(WHAT YOU ARE ASKED TO DO) Make an exact copy of the whole listing, but leave its pictures out.

(EXCERPTED RECORDS)
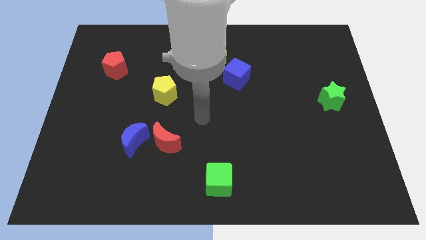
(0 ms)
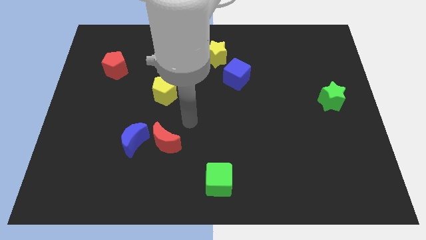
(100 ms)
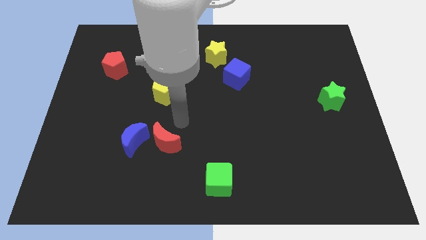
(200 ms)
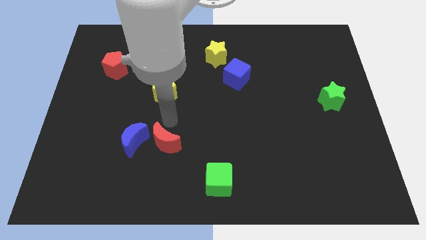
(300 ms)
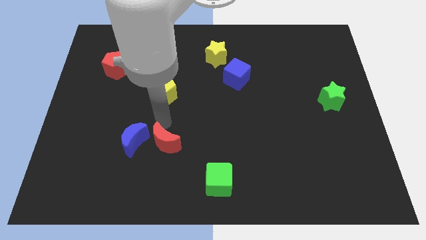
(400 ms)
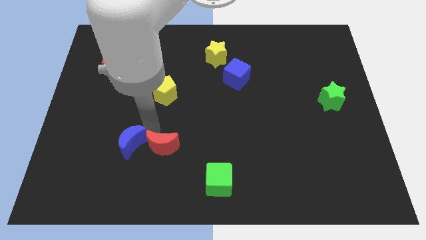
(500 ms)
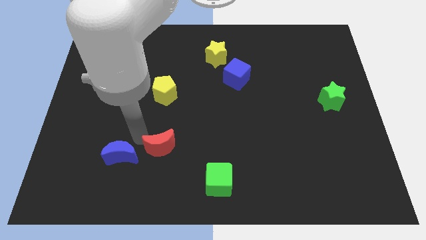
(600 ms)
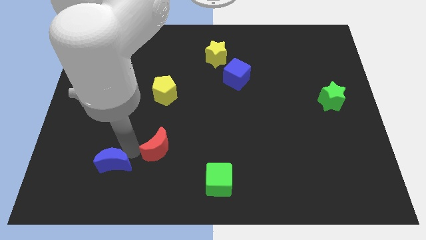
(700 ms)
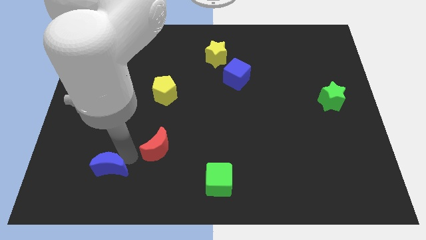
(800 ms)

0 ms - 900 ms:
pull the red moon apart from the blue moon

(ANSWER BOX)
(0 ms)
(100 ms)
(200 ms)
(300 ms)
(400 ms)
(500 ms)
(600 ms)
(700 ms)
(800 ms)

0 ms - 900 ms:
pull the red moon apart from the blue moon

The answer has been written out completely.